- _TASK STATEMENT_
Reproduce the records below in full and exactly, without their images.

- _SOURCE MATERIAL_
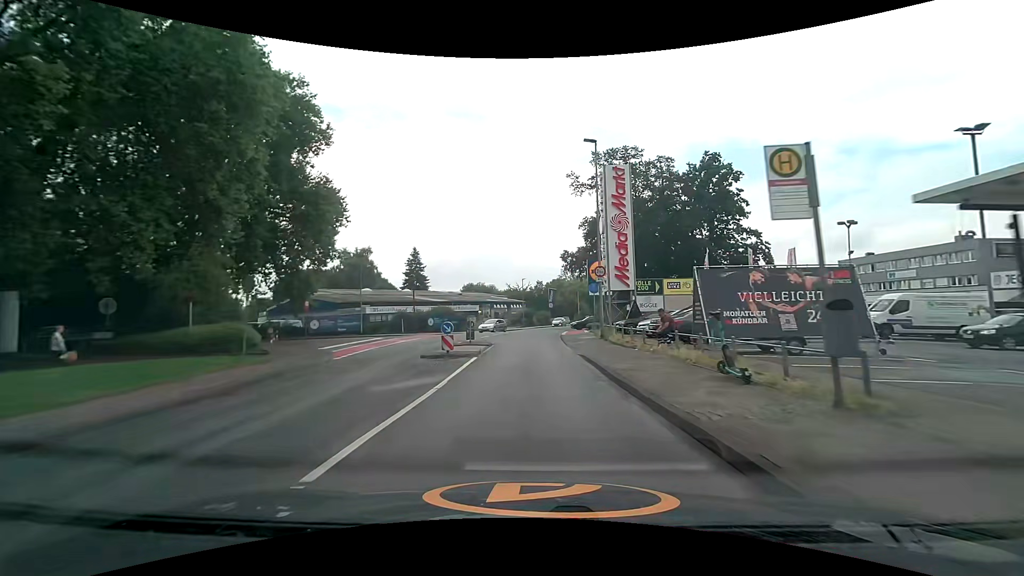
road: unclassified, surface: asphalt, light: Day
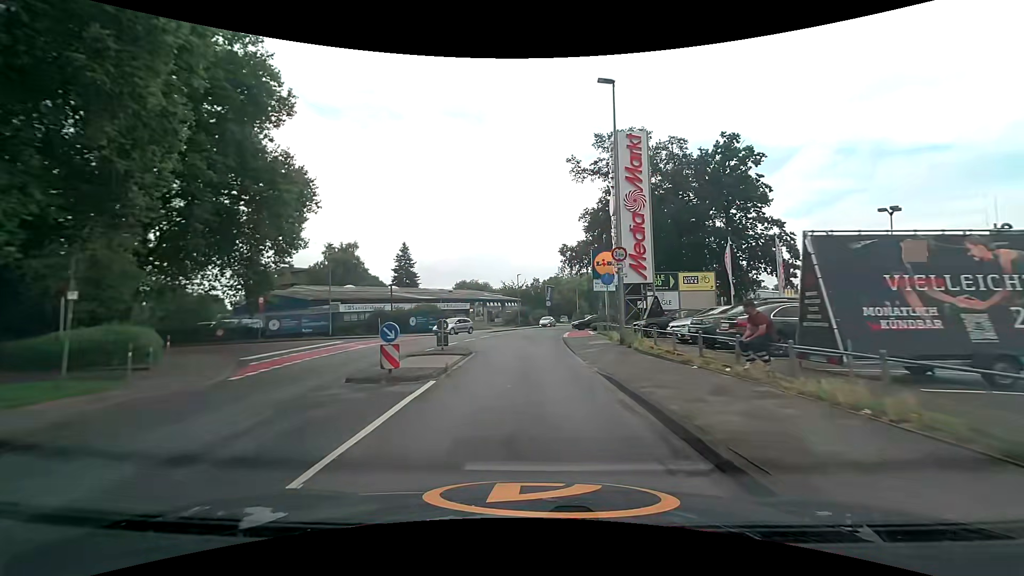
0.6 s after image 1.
(0.0, +6.6) m; 0°
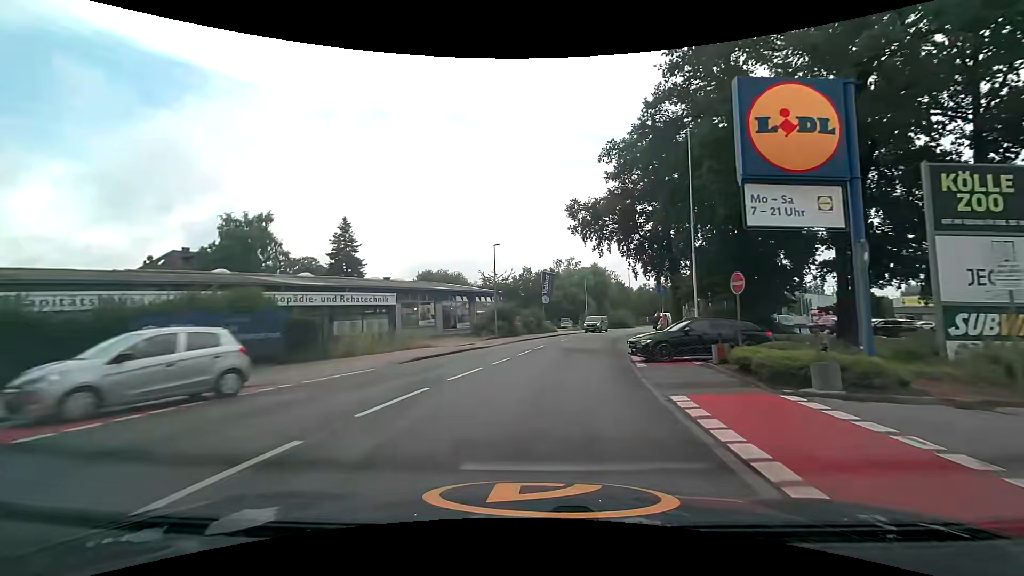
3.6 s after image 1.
(+0.4, +32.2) m; +1°
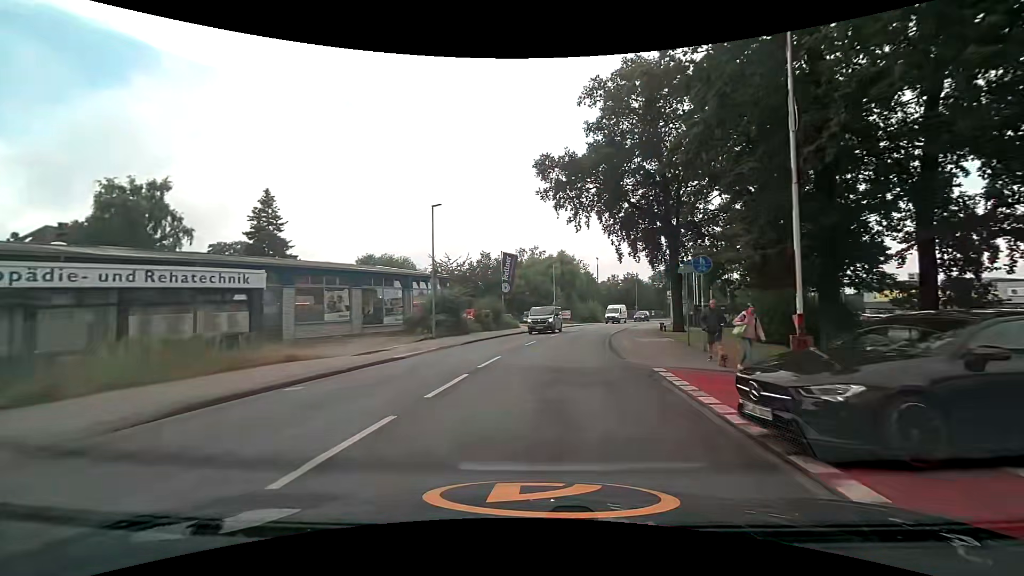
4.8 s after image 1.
(+0.4, +12.0) m; +4°
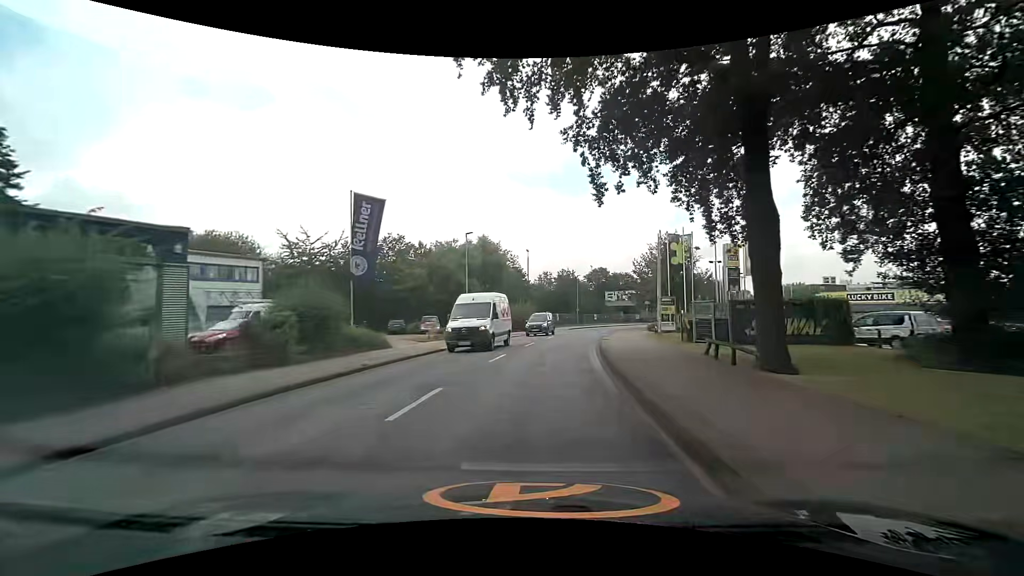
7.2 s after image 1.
(+1.9, +23.5) m; +9°
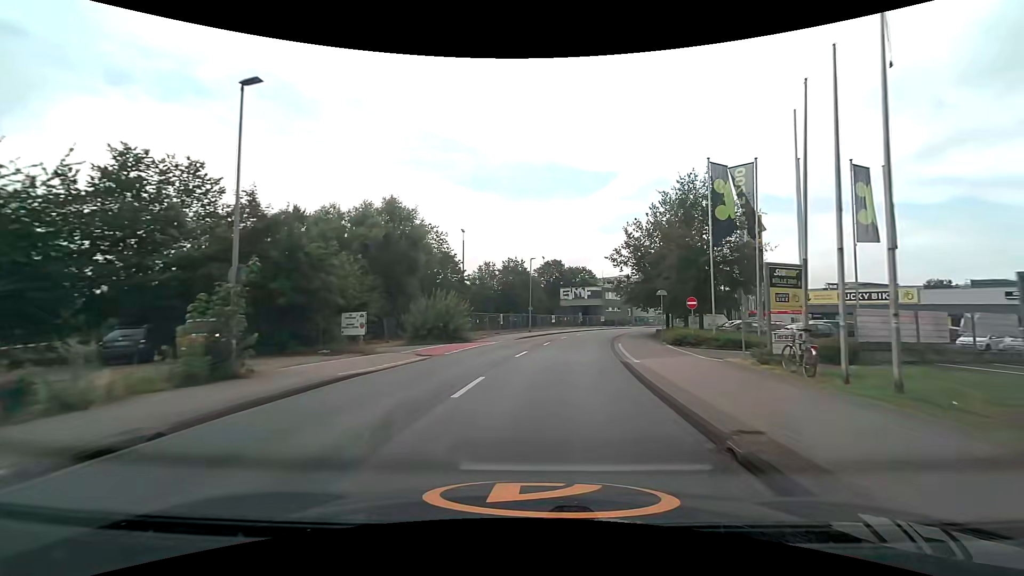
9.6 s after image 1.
(+1.2, +24.4) m; +6°
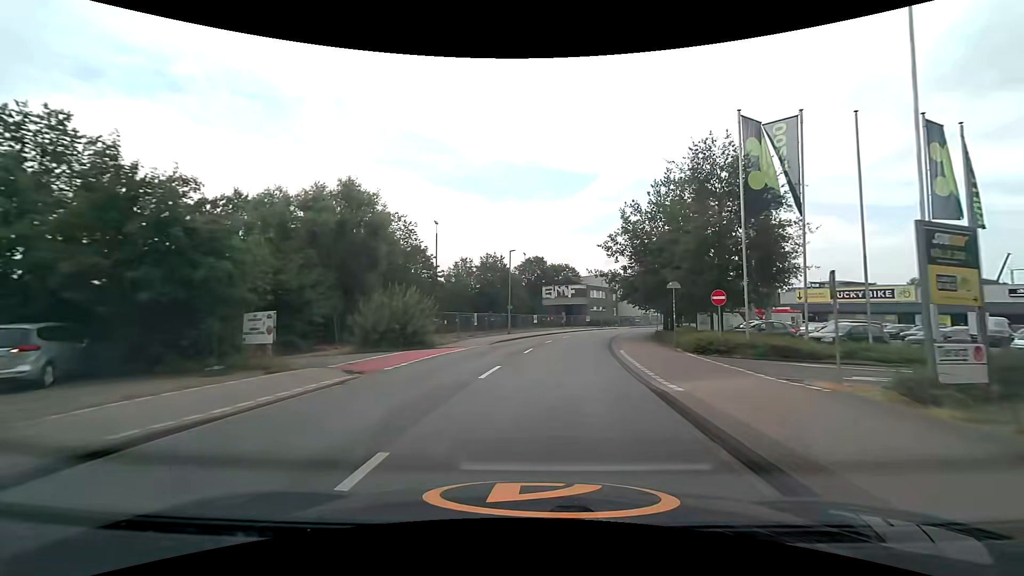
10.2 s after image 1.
(+0.1, +6.4) m; +2°
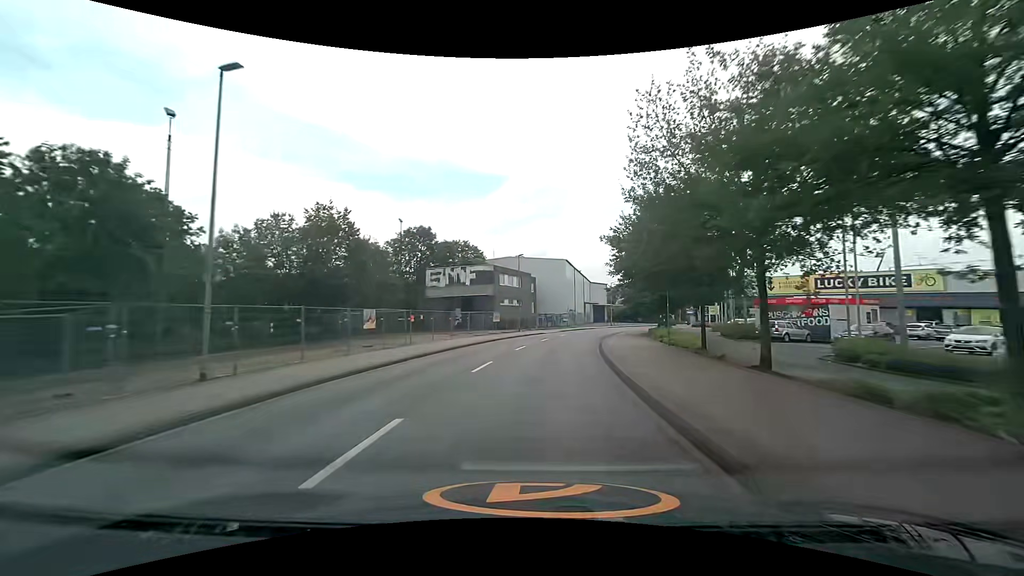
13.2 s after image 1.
(+3.0, +33.8) m; +10°
(0, +10) (+1, +20) (+2, +30) (+4, +40) (+7, +49) (+10, +59) (+14, +68) (+18, +77) (+22, +86) (+26, +95) m
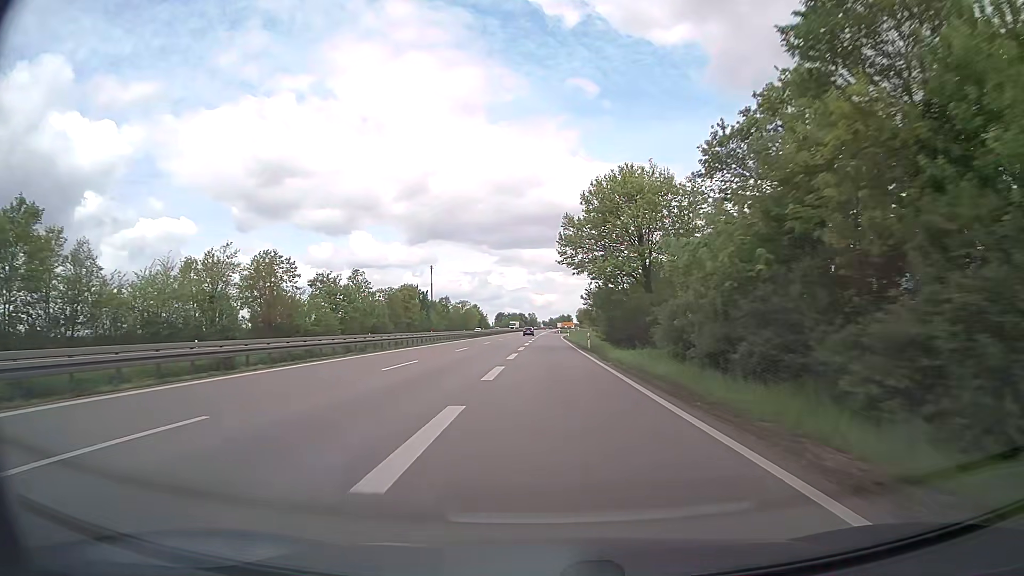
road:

- _RESPONSE TO THE TASK_
road: unclassified, surface: asphalt, light: Day
0.6 s after image 1.
(0.0, +6.6) m; 0°
3.6 s after image 1.
(+0.4, +32.2) m; +1°
4.8 s after image 1.
(+0.4, +12.0) m; +4°
7.2 s after image 1.
(+1.9, +23.5) m; +9°
9.6 s after image 1.
(+1.2, +24.4) m; +6°
10.2 s after image 1.
(+0.1, +6.4) m; +2°
13.2 s after image 1.
(+3.0, +33.8) m; +10°
(0, +10) (+1, +20) (+2, +30) (+4, +40) (+7, +49) (+10, +59) (+14, +68) (+18, +77) (+22, +86) (+26, +95) m
road:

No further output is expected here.